Bottom at Christmas, despite a brave late rally under caretaker manager Trevor Brooking who stepped in when Roeder suffered a brain tumour towards the end of the season, the Irons went down.
‘After going through so much to get back to fitness, that season was horrible,’ said Hutchison. ‘Once I was fit I was desperate to play, I was literally knocking on the door begging for a chance but all I got was cameo roles, which was hugely frustrating.’
The following season was barely any better, and at the end of the 2004-05 season, with Alan Pardew having restored the club to top flight status via the play-offs at the second time of asking, Hutchison’s West Ham career was at an end.
A short stint at Millwall followed, then Coventry, Luton, and finally, in 2008, retirement — but not before refusing to take his wages for the last two months of his contract, asking that the money but put towards funding Luton’s youth team players instead.

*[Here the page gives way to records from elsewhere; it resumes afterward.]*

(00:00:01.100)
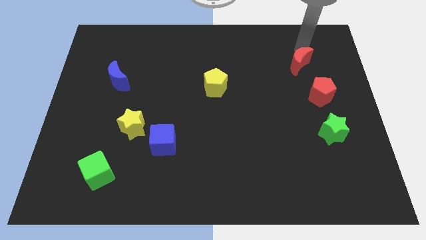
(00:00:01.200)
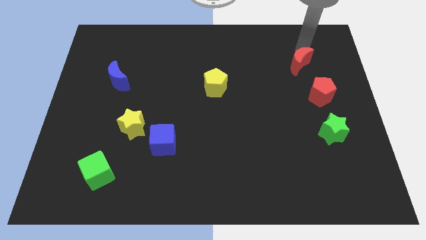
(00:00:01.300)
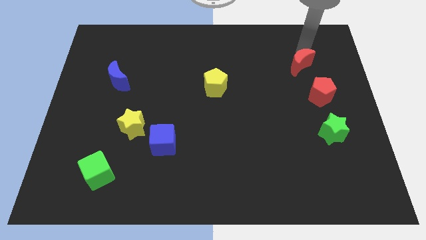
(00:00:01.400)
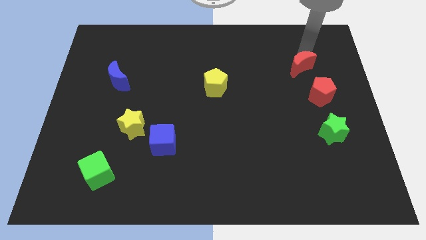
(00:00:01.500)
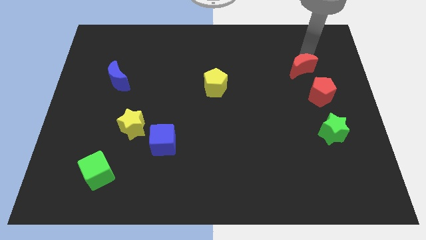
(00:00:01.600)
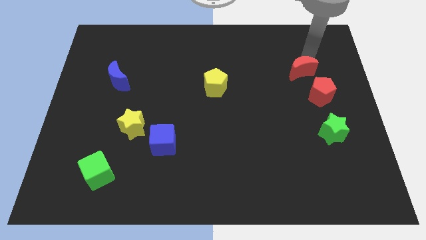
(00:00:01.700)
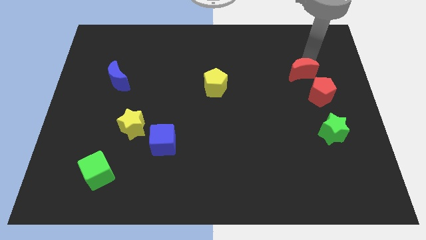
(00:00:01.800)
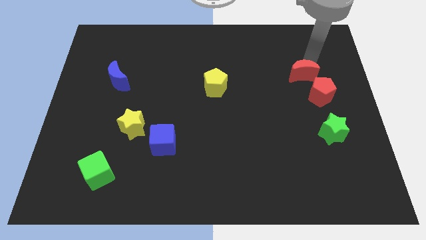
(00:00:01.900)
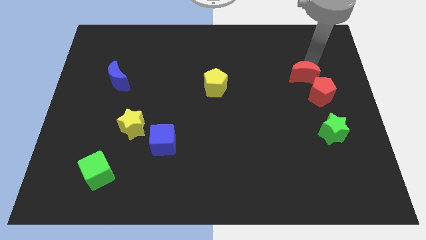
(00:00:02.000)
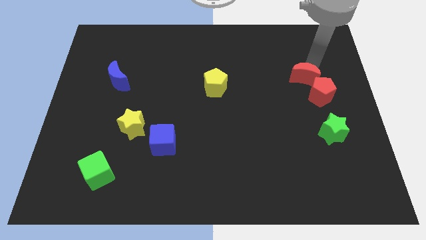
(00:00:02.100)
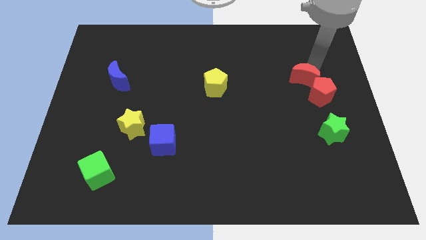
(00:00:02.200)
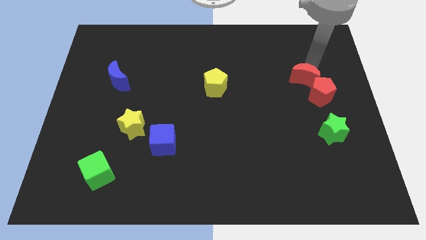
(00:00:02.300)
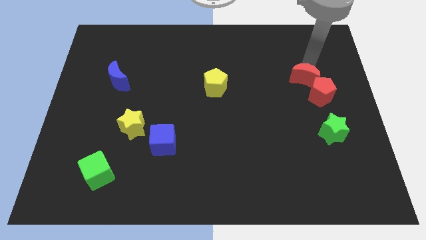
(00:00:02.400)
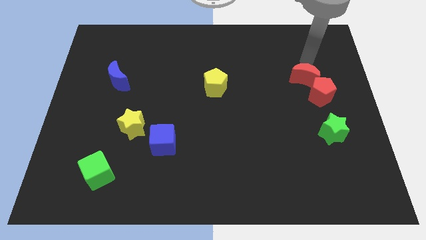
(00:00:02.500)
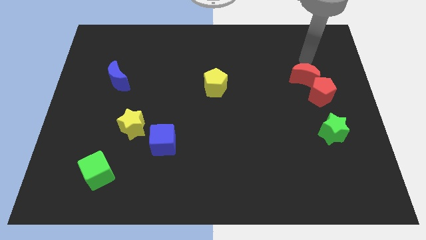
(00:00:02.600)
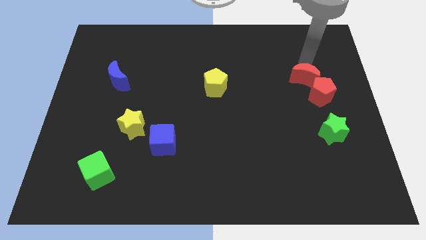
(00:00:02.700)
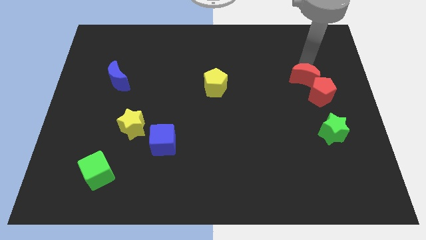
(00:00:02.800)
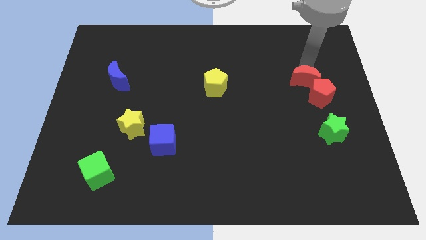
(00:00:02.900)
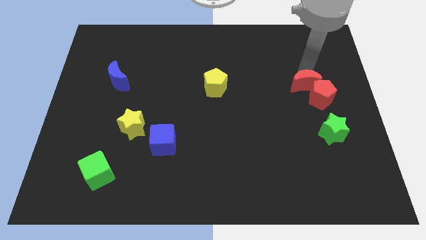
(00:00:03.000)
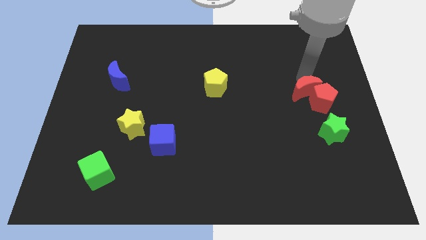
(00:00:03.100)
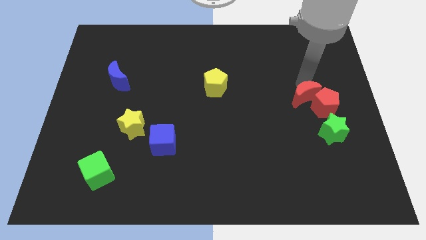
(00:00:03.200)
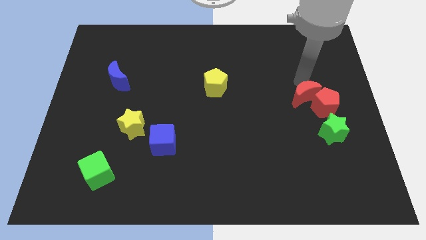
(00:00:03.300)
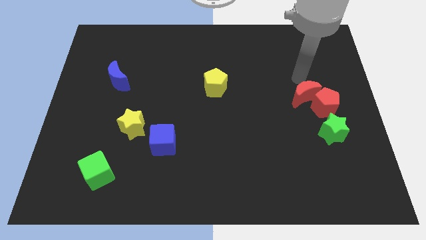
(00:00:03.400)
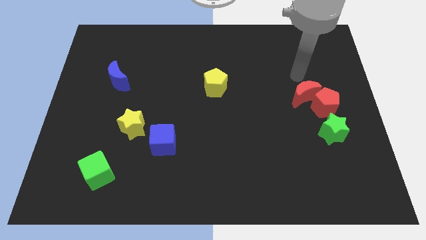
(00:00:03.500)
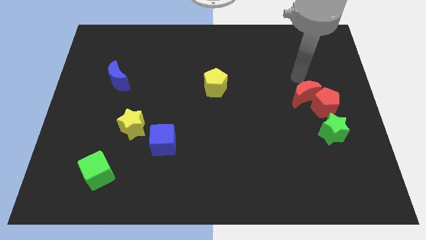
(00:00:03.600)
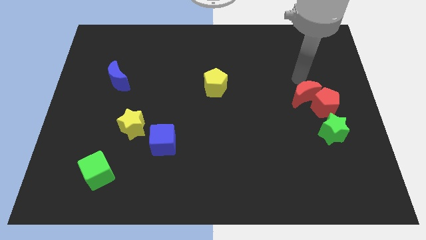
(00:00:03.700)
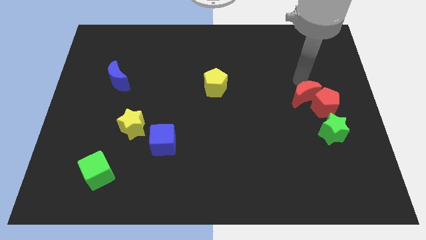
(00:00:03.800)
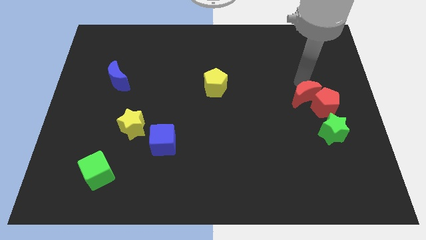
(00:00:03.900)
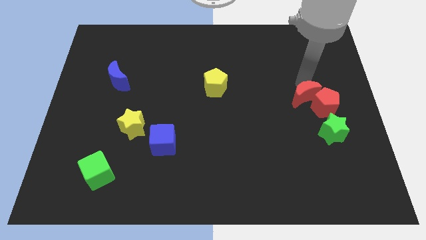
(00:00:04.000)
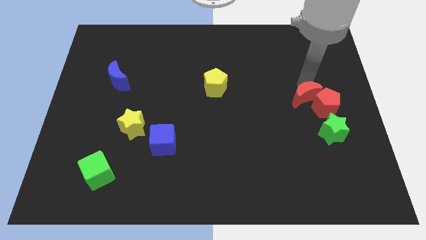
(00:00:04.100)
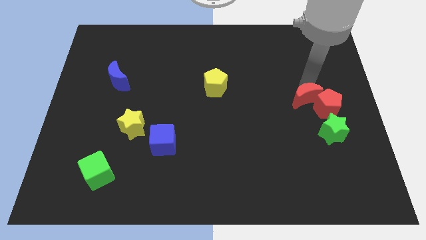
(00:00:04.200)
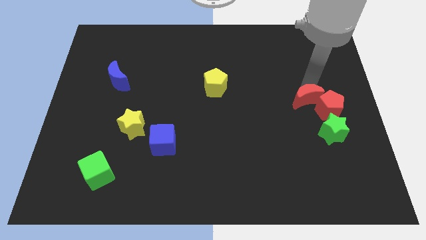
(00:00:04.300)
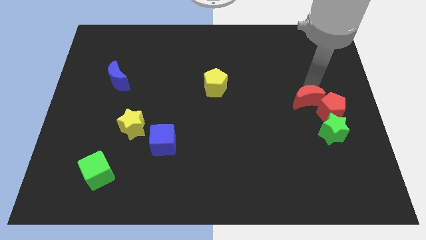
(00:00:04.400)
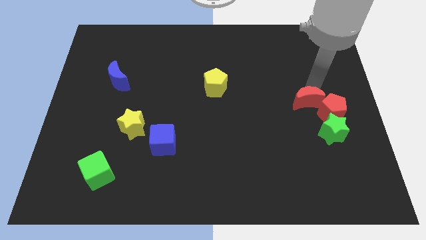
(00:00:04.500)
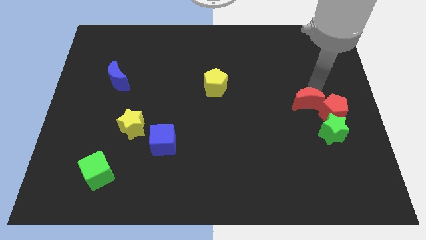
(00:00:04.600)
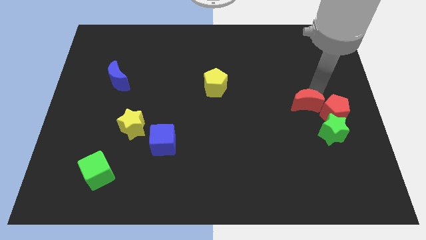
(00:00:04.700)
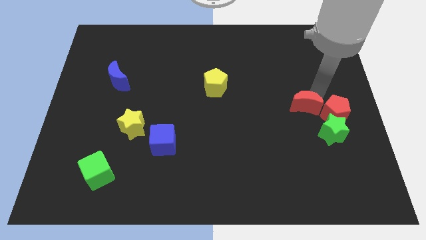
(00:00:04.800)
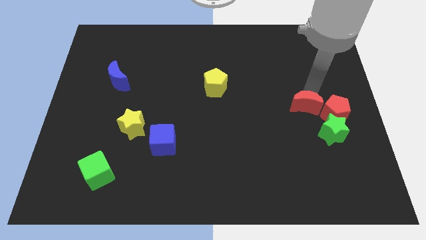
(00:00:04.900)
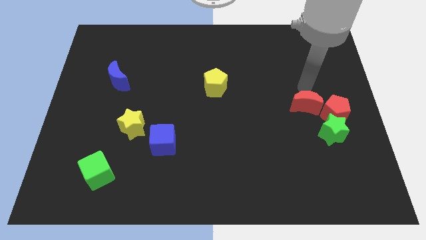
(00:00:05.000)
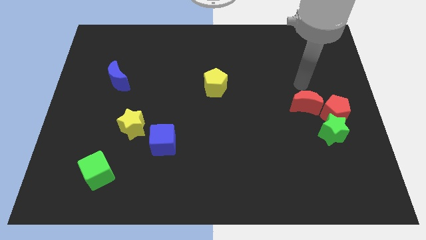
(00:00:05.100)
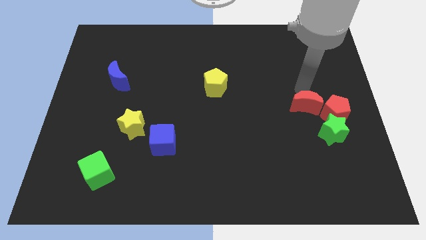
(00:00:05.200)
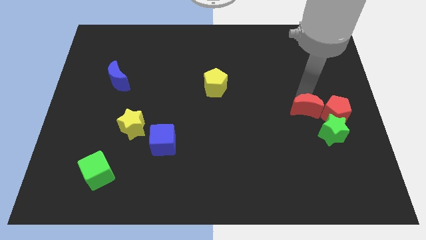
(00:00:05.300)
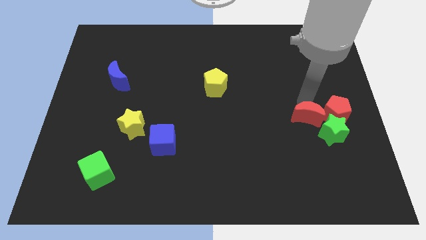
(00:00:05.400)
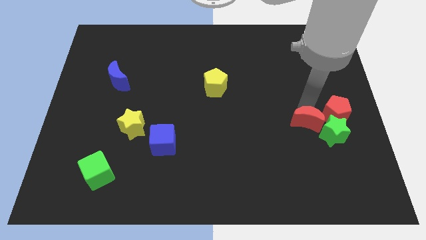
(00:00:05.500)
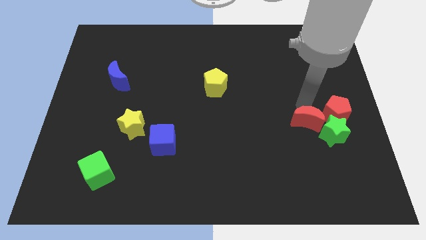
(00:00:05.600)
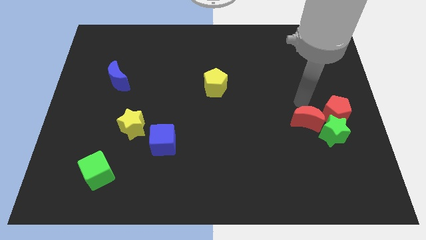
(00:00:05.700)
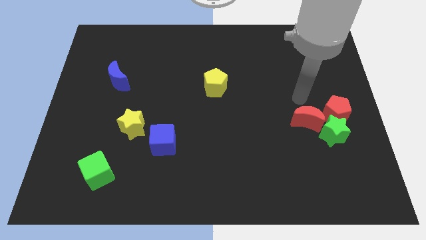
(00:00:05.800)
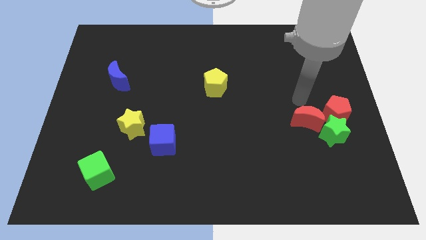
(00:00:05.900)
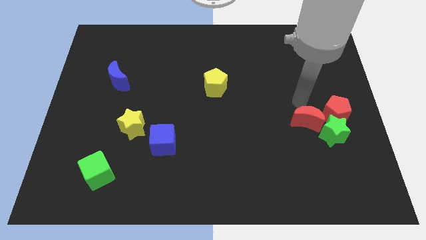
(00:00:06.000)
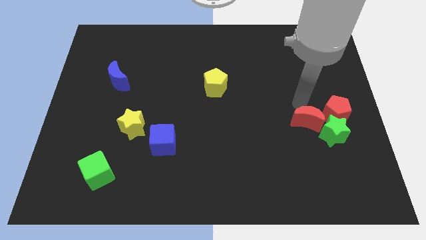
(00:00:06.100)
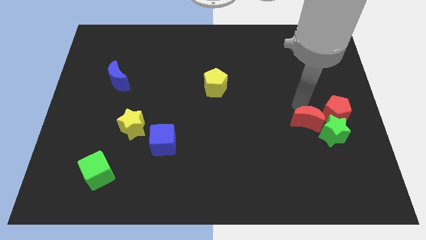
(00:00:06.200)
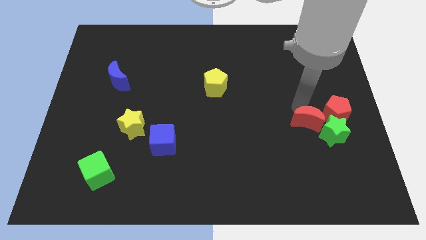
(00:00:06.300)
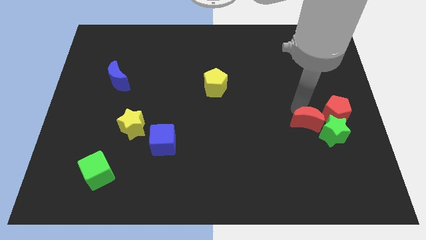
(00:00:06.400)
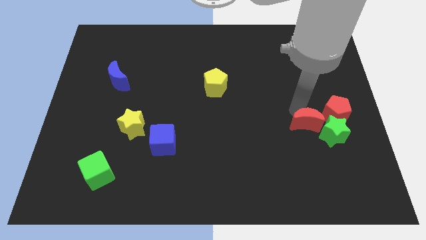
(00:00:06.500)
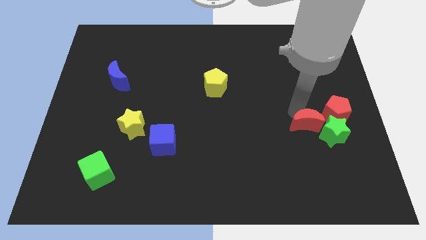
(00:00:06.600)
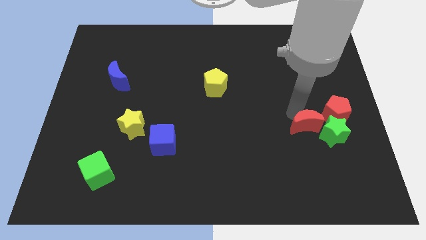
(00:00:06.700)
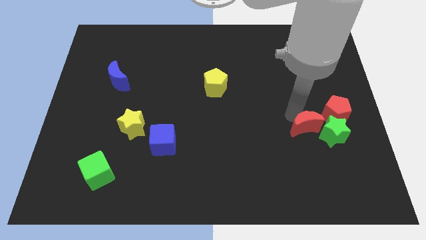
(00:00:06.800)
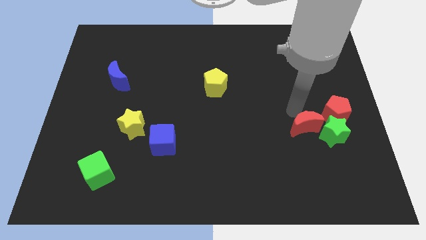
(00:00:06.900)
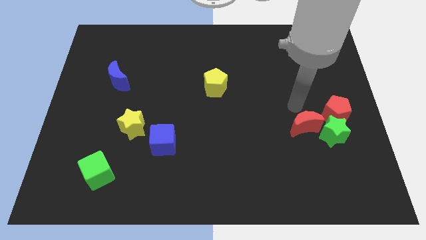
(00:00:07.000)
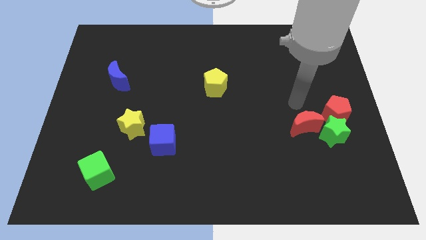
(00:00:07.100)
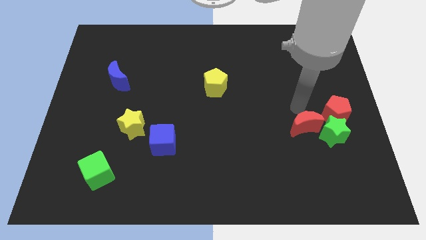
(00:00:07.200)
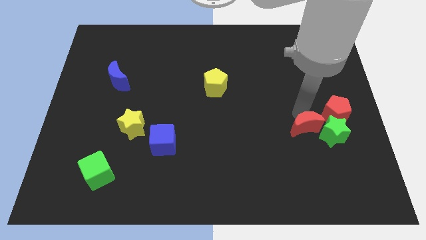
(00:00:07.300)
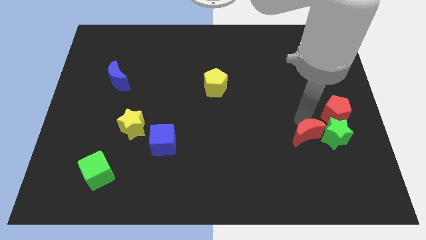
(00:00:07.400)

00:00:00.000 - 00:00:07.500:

‘When my time was up at West Ham, there was never any talk of me joining the coaching staff, which I would have thought would be an option, and having trained for so long to get back to fitness, my attitude was I’ll go wherever I can actually play,’ added Hutchison.
‘I didn’t care where it is, as long as I got the opportunity to enjoy that 90 minute experience as many times as I can. This is something else that comes with age — you can’t understand that when you’re younger.’
To live through interesting times, and to emerge from them enlightened — that sounds more like a blessing than a curse.